Furthermore, because sequencing is done from the 5' end, reads from each strand of DNA will form two peaks that flank the 'true' binding event (see the red and blue distributions in the figure for an illustration).
For single-end reads, an estimate of the DNA fragment size (i.e. as determined by BioAnalyzer) can be used to combine information across these two peaks to estimate the distribution of all the DNA fragments, thereby giving an estimate of the true, non-strand-specific binding site.
Another issue is that, even if we detect a peak signal in our ChIP-seq data, there are several possible explanations for where this comes from: it could be due to protein P actually binding to location L, but it could also be due to location L being preferentially accessible to proteins (so that it gets crosslinked with protein P without a true binding event), or because your antibody is non-specific and pulled down location L despite not having a binding event, among other possibilities. Thus, the steps involved in preparing a ChIP-seq library introduce several sources of potential artifacts, and these scenarios highlight the usefulness of having control data in a ChIP-seq experiment.
The idea of using a control is similar to a control you'd see in any well-designed study: calculating the enrichment of the ChIP-seq signal in an experimental condition relative to the signal at the same location in a control experiment gives us a more robust signal and allows us to more confidently state that the signal is true and not just due to noise or artifacts from the library prepration. There are three commonly used types of controls for ChIP-seq experiments:
Principle 4: there are many ways to quantify ChIP-seq enrichment.

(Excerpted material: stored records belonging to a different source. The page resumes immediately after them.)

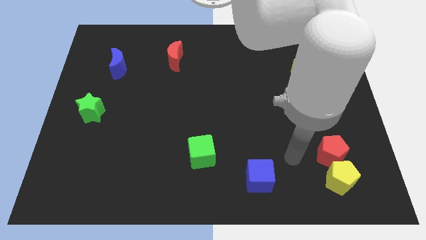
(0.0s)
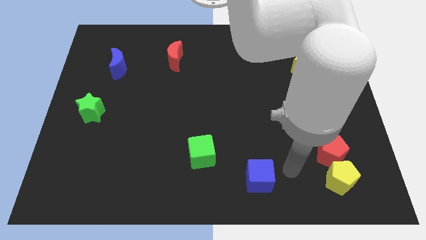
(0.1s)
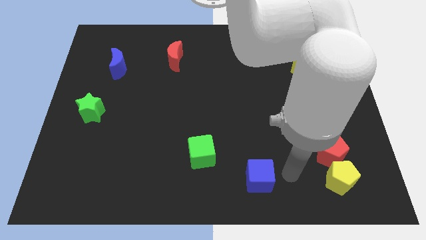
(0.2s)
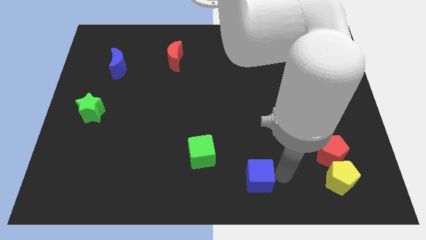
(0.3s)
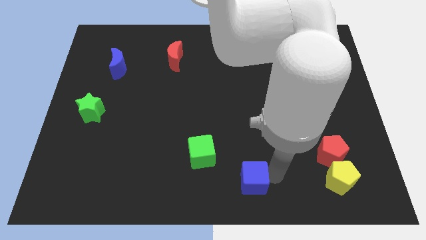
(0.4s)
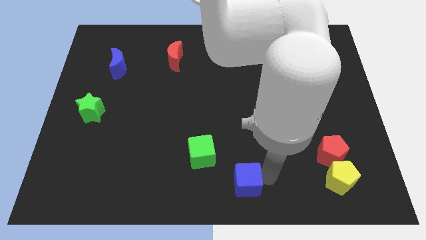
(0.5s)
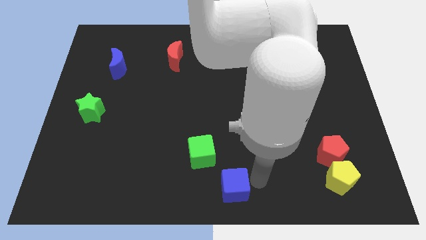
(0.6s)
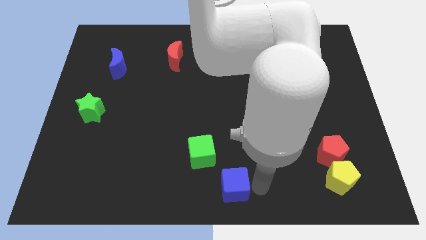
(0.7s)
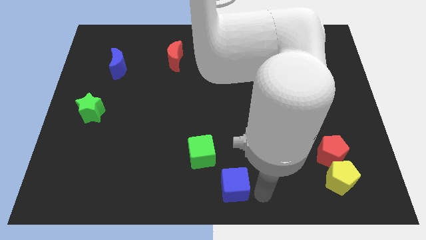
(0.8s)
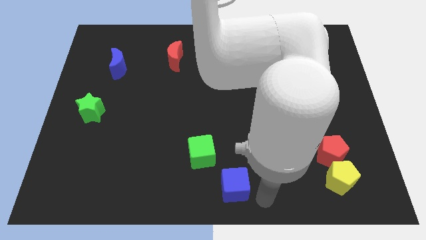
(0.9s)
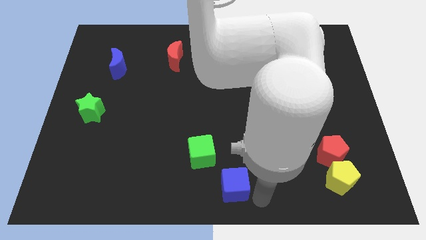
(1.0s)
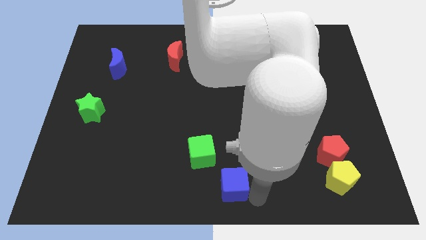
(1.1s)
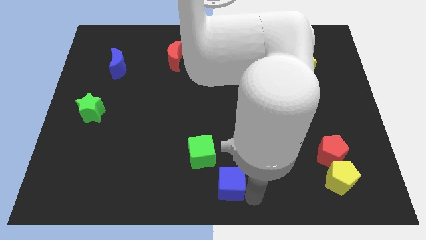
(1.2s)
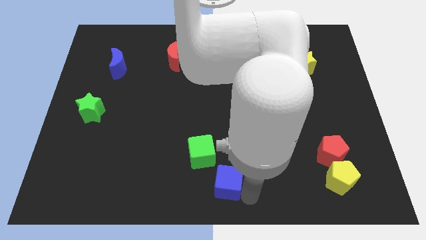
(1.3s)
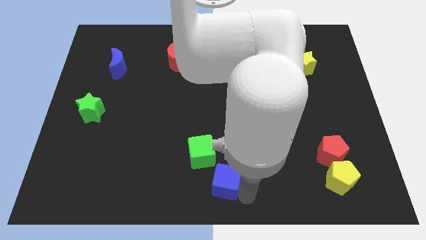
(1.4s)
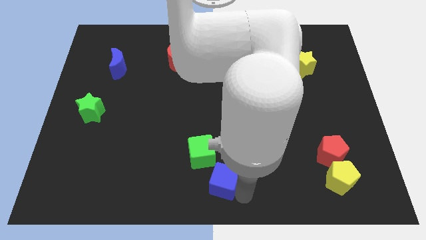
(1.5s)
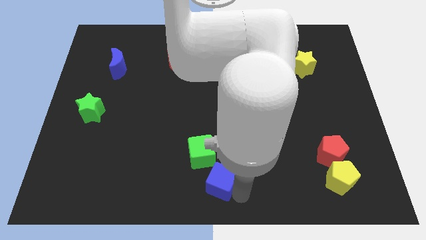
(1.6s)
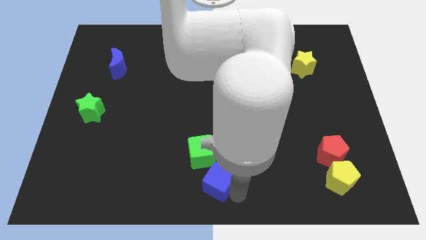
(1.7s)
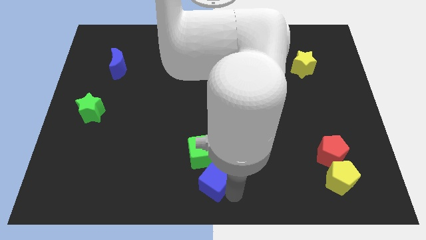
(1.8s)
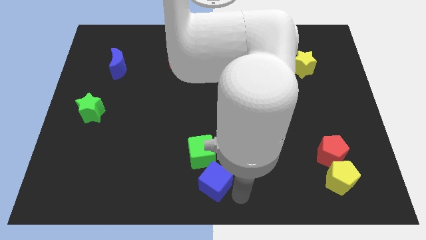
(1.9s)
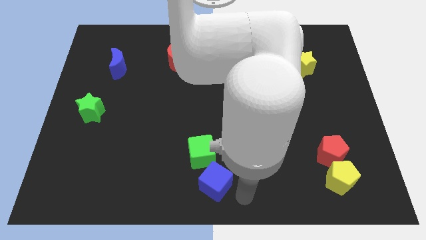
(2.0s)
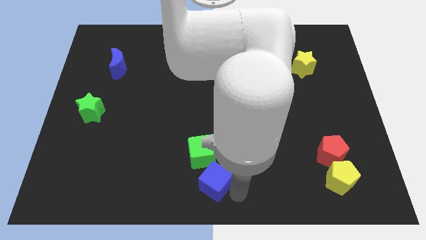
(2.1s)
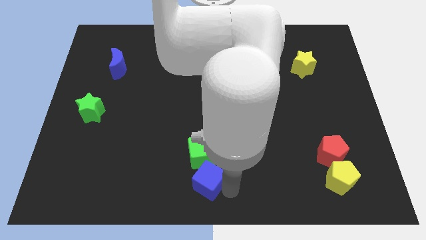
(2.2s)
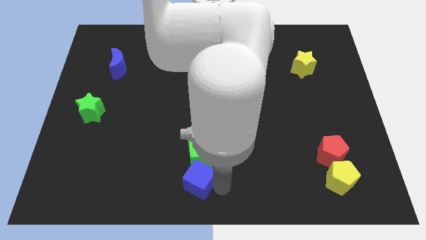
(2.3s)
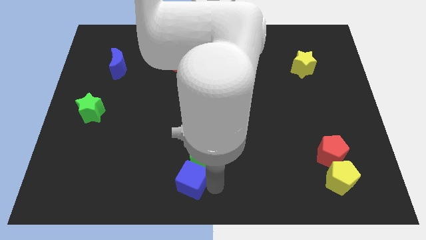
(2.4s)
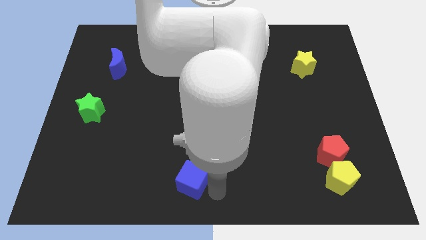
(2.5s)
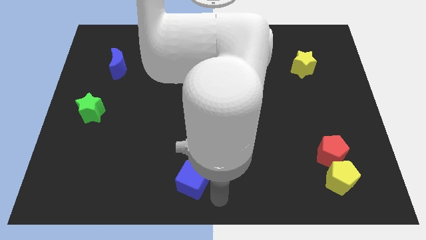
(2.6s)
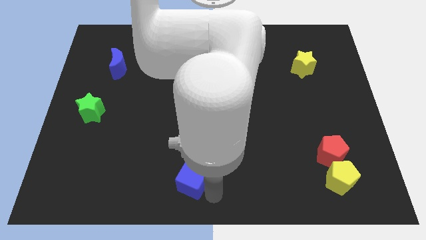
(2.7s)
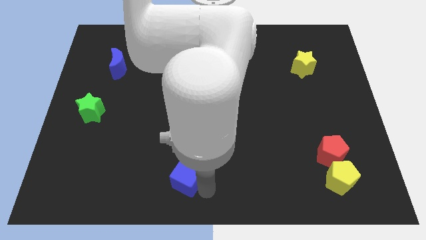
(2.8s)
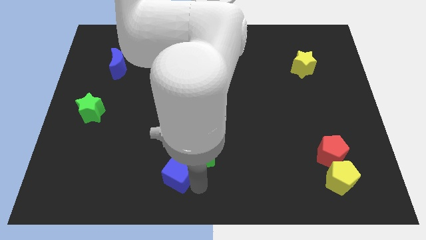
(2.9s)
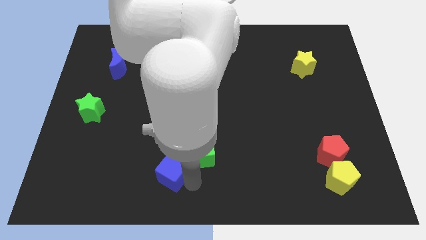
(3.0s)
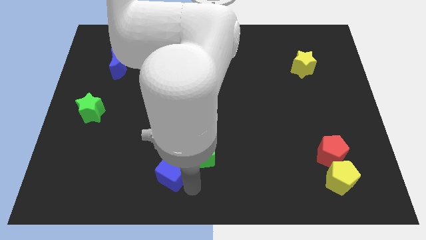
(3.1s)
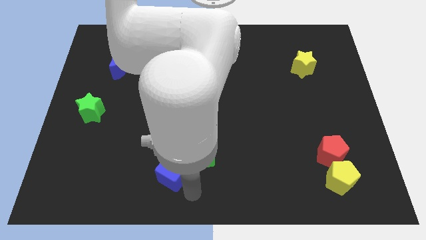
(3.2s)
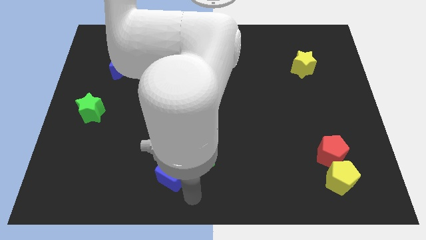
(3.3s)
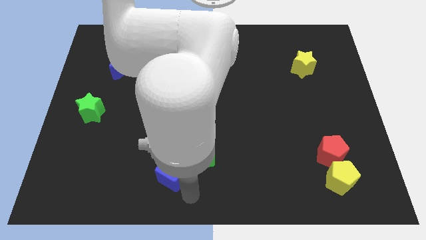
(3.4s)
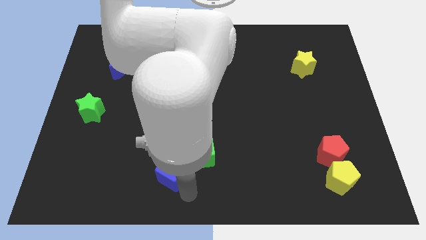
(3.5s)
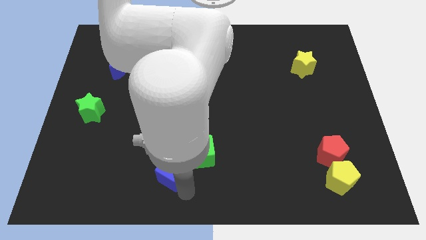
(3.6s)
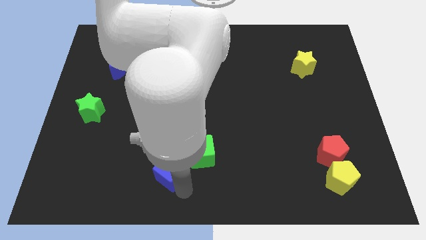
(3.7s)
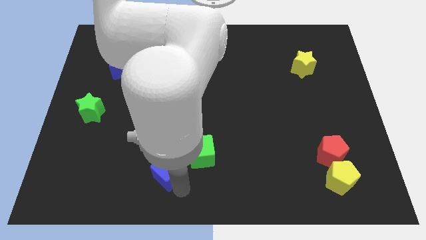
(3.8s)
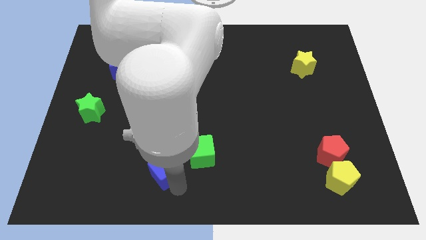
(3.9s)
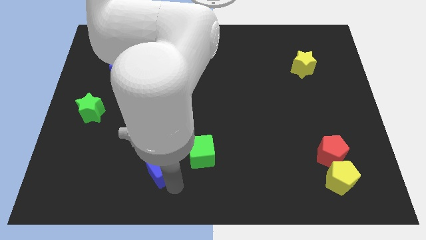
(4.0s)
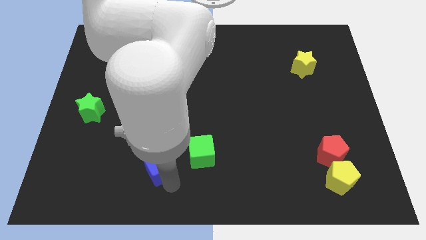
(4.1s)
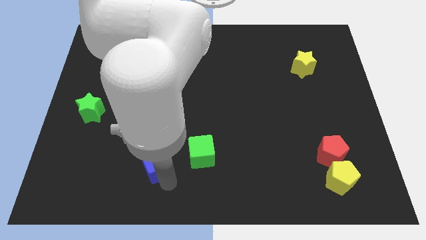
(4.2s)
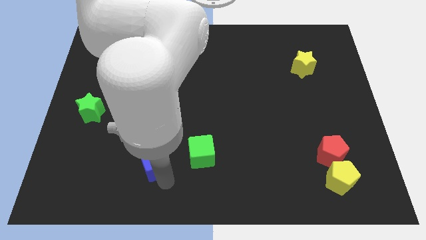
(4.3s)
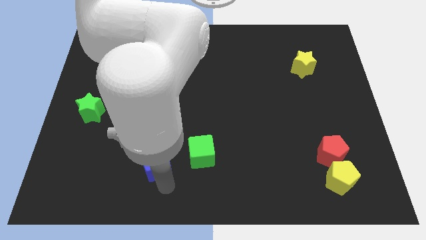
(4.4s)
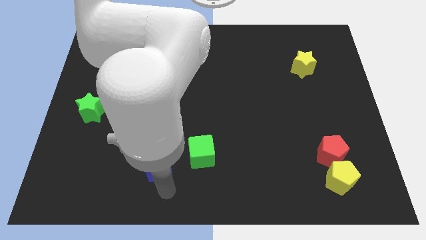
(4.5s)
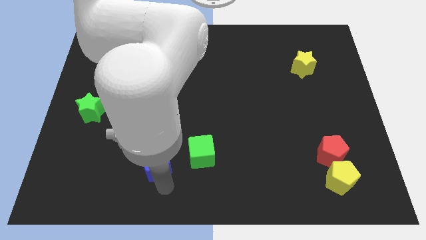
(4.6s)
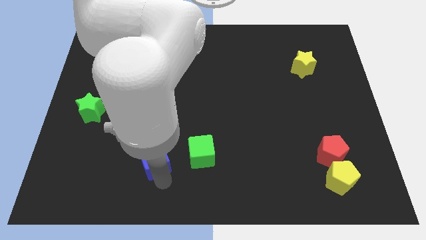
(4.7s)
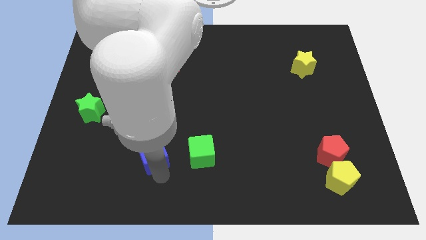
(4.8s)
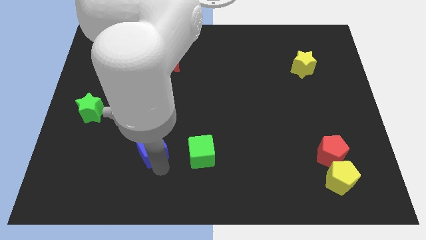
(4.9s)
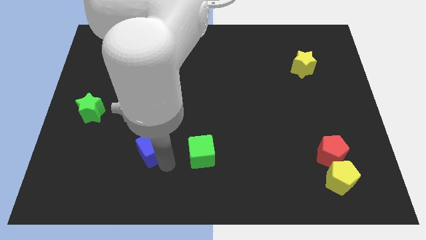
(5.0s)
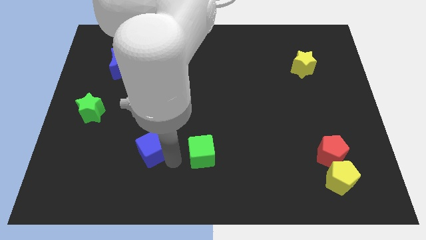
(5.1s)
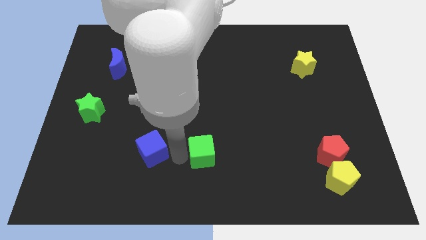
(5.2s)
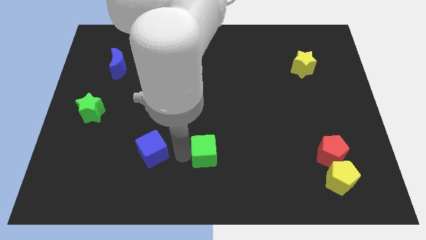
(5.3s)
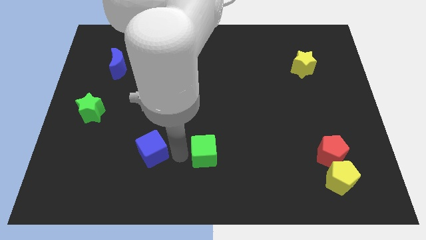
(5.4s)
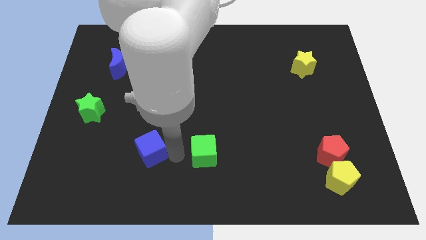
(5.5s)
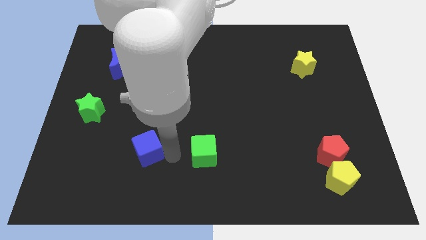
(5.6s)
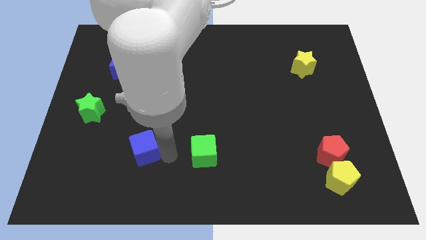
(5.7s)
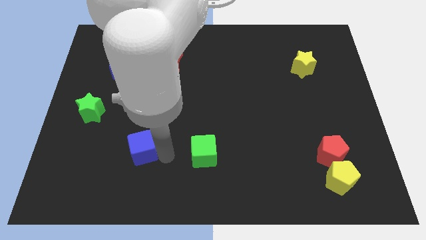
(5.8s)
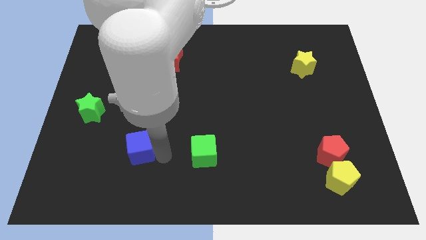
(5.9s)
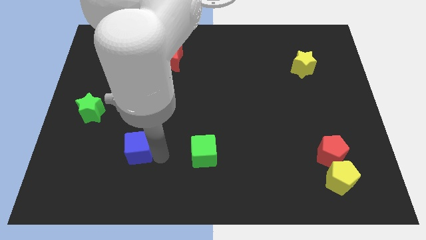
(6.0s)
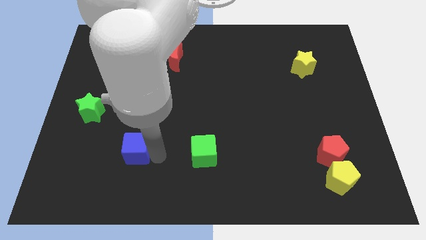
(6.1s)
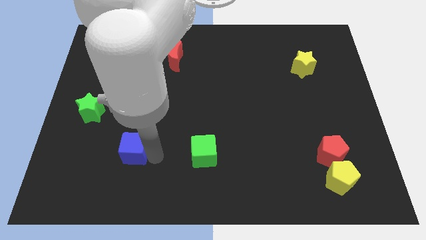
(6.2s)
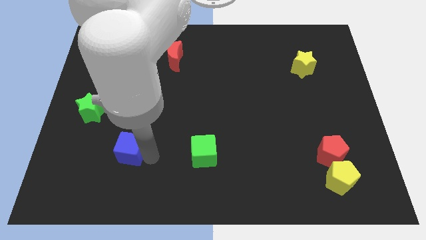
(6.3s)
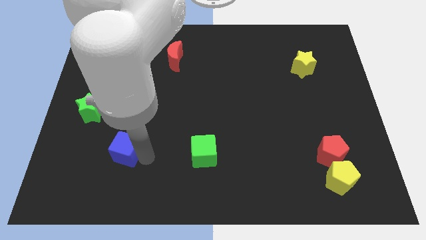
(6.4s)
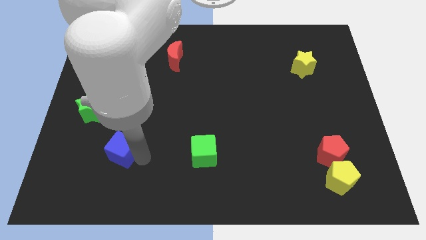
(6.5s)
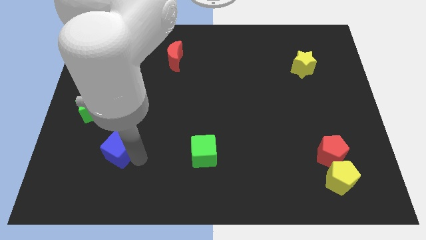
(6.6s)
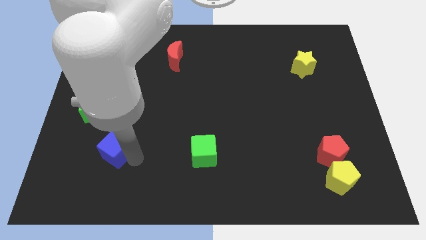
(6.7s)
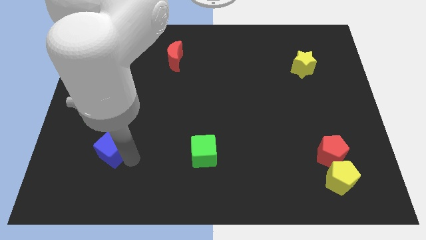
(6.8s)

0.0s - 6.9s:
slide the blue cube to the bottom right side of the green star

Given an experiment with good controls and appropriate identification of peaks reflecting binding events, the next important step is to define some way to identify regions that are statistically enriched (or, much more rarely, depleted) in the experimental condition relative to the controls. There are, as usual, several important aspects of the data that must be considered to ensure that the analysis is as correct as possible.
There are clearly many things to take into account when performing ChIP-seq analysis, and there are a plethora of software tools that have been developed for ChIP-seq analysis that each deal differently with these issues. For this class, we are going to focus on a single tool, which is currently the most commonly used, called Model-based analysis of ChIP-seq data (MACS), but if you use ChIP-seq for your own research, we would encourage you to compare different tools to figure out which is the most appropriate for your project.
As you probably noticed, I used a lot of figures from a nice ChIP-seq review; if you want a more in-depth discussion of some of these issues, I highly recommend this paper, which is now slightly out of date but still gives a very good background on the technology and its applications: Park, P.J., 2009. ChIP–seq: advantages and challenges of a maturing technology. Nature Reviews Genetics, 10(10), pp.669-680. (http://www.nature.com/nrg/journal/v10/n10/full/nrg2641.html)
2. Describe why ChIP-seq reads pile up in two distinct peaks at a binding site when mapped to the reference genome.